Hola, en busca de un estereo simple estuve haciendo algunas pruebas y el que postea djchinomix en https://www.forosdeelectronica.com/f22/codificador-estereo-12669/#post72261 está bien así como está. Un resonador de 455khz dividido en 6 con el cd4018 da 75.83khz luego el cd4013 divide por 2 para obtener un tono de 37.916 (y su salida opuesta) para hacer el 'multiplexado' en el cd4066. El cd4013 también divide los 37.916 en 2 para obtener 18.958khz que será el tono 'piloto'. Como ven, los números no son exactos... no tenemos ni 76, ni 38, ni 19, pero igual funciona bien en la práctica manteniendo un circuito muy simple y estable. En ese hilo también hay un par de modificaciones... una para llevar los 455khz a 456khz... pero sinceramente a mi no me ha funcionado con esa modificación. También otra que reemplaza el cd4018 por el cd4017.

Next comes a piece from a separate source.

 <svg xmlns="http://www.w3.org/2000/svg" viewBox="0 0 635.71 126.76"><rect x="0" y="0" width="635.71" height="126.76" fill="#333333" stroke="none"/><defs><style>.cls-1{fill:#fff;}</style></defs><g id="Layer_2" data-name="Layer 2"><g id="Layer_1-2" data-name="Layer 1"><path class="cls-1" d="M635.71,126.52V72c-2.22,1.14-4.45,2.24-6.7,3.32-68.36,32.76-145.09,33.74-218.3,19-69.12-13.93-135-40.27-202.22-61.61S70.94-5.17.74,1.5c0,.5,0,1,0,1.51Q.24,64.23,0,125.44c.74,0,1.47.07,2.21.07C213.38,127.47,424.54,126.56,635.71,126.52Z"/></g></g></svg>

Lo que tiene que ver con la 'calidad de audio' ya es una cuestion más personal... y bien puede dejarse así como está o se pueden hacer 'cositas' tanto a la entrada como a la salida. Ya de pende de cada uno. Logicamente ciertos aspectos 'legales' en cuanto a las transmisiones también dependeran del audio...

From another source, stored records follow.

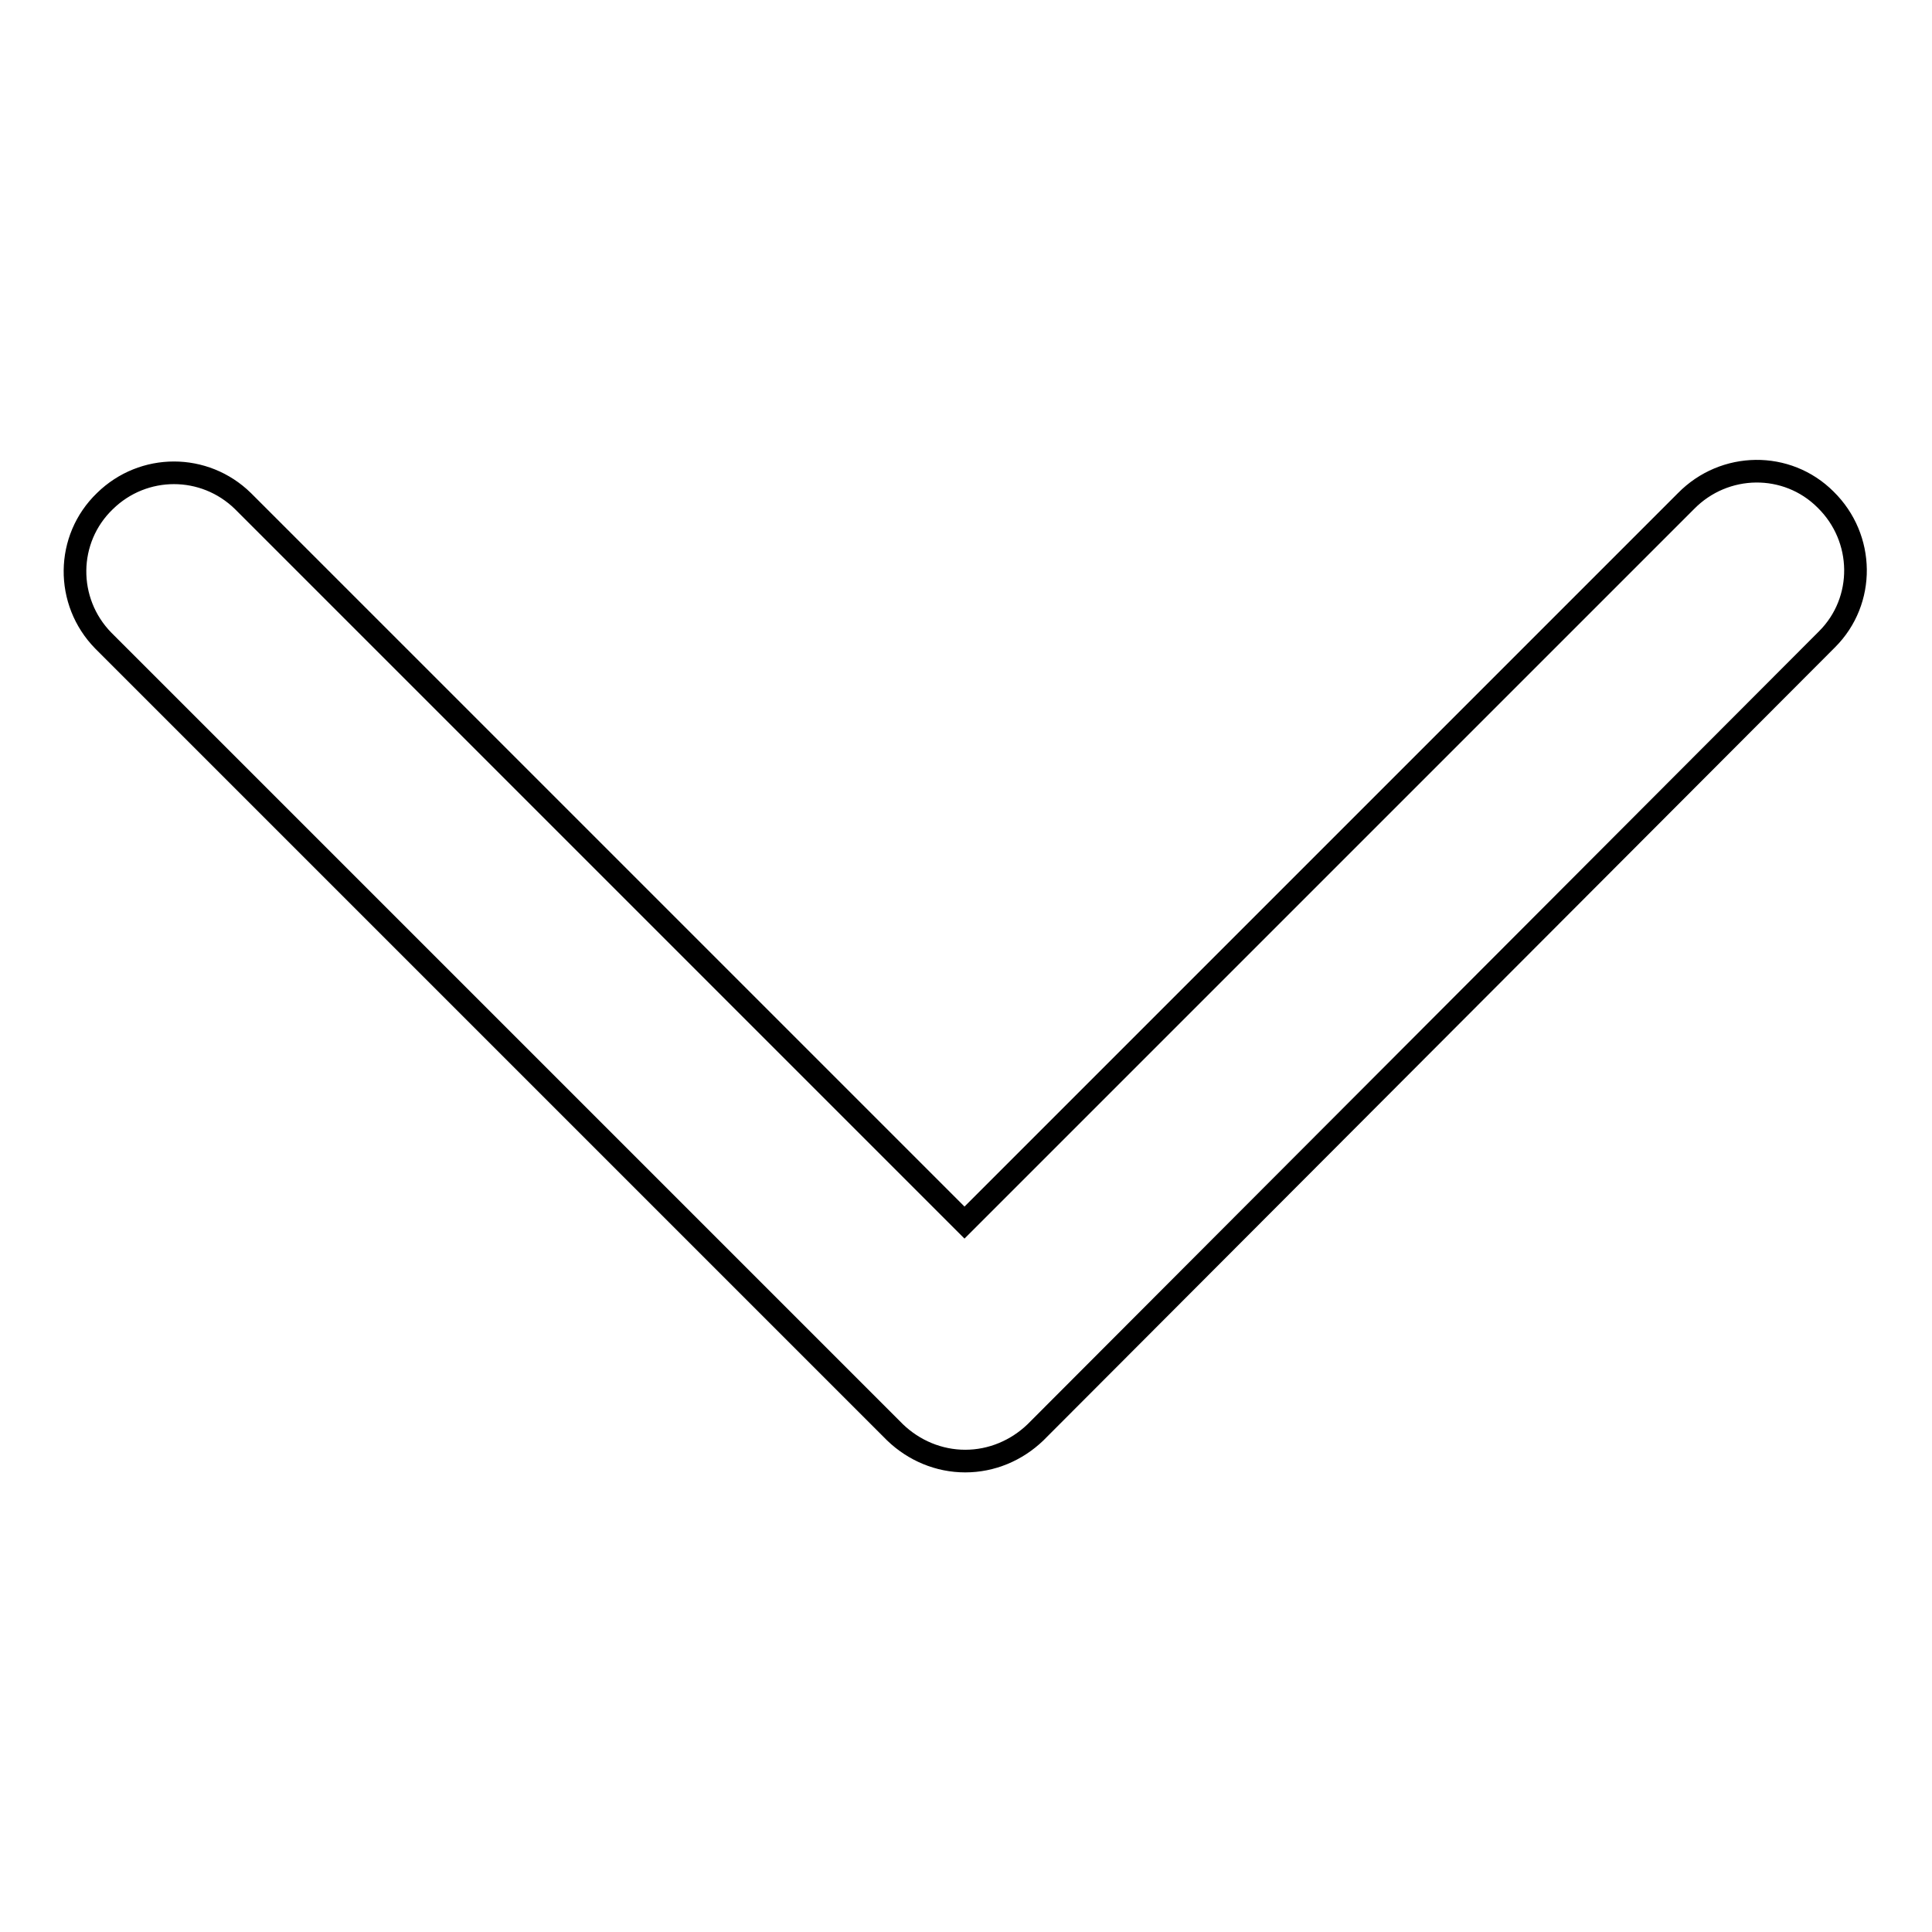 <?xml version="1.0" encoding="utf-8"?>
<!-- Svg Vector Icons : http://www.onlinewebfonts.com/icon -->
<!DOCTYPE svg PUBLIC "-//W3C//DTD SVG 1.1//EN" "http://www.w3.org/Graphics/SVG/1.1/DTD/svg11.dtd">
<svg version="1.1" xmlns="http://www.w3.org/2000/svg" xmlns:xlink="http://www.w3.org/1999/xlink" x="0px" y="0px" viewBox="0 0 256 256" enable-background="new 0 0 256 256" xml:space="preserve">
<g> <path stroke-width="3" fill-opacity="0" stroke="#000000"  d="M127.9,193.6c-3.5,0-6.8-1.4-9.3-3.8L13.7,84.9c-5.1-5.2-5-13.5,0.2-18.5c5.1-5,13.2-5,18.3,0l95.6,95.6 l95.6-95.6c5.1-5.2,13.4-5.3,18.5-0.2c5.2,5.1,5.3,13.4,0.2,18.5c-0.1,0.1-0.1,0.1-0.2,0.2L137.2,189.8 C134.7,192.2,131.4,193.6,127.9,193.6z"/></g>
</svg>

Hay un detalle importante que es el filtro de 455khz... bueno... con el filtro parece no funcionar, además es más dificil de conseguir... se usa un resonador de 455khz, de los usados en controles remotos de tv, dvd, cdplayers, vhs, etc..

Saludos,


----------



## Em4zzz (Oct 29, 2010)

hola nuevamente, bueno exetv, este de seguro te va a servir, dejo el link, ahi estan todos los datos necesarios para armar esta nave que anda de 10, para lograr hacerlo andar vas a tener que meterte un poco en lo que es electronica digital, pero no es nada vale la pena. Bueno aca dejo el link donde van a poder encontrar este coder stereo de muy buena calidad y no le falta nada saludos.
http://pira.cz/eng/stk2en.htm


----------



## DJ_Glenn (Oct 30, 2010)

yo por ahí tenía un estéreo (vaya uno a saber de donde lo saqué) con un 16f84... así que de ahí mismo salían los tres tonos necesarios (38, 38 invertidos y 19khz). Y de ahí los componentes que ya tenemos vistos. Cuando lo encuentre lo subo. Si me olvido, recuerdenmelo.


----------



## DJ_Glenn (Oct 31, 2010)

Bueno, aca está el estéreo que les comenté. By HS1YWN...


----------



## exetv (Oct 31, 2010)

se ve muy bueno dj-glenn y sencillo sobre todo, muy buen aporte, saludos


----------



## DJ_Glenn (Oct 31, 2010)

La verdad que sí... personalmente no tengo experiencia con pics más que freirlos... pero se ve interesante la posibilidad de reemplazar con software las funciones de componentes dificiles de conseguir. No es fácil conseguir el famoso cristal de 38khz, de 7,6Mhz, de 4,864Mhz, etc... así que siempre hay que conformarse con 3,579545Mhz, 455khz y otros que al dividirlos más de una vez siguen sin dar la frecuencia exacta (aunque los cristales se pueden mover 1%).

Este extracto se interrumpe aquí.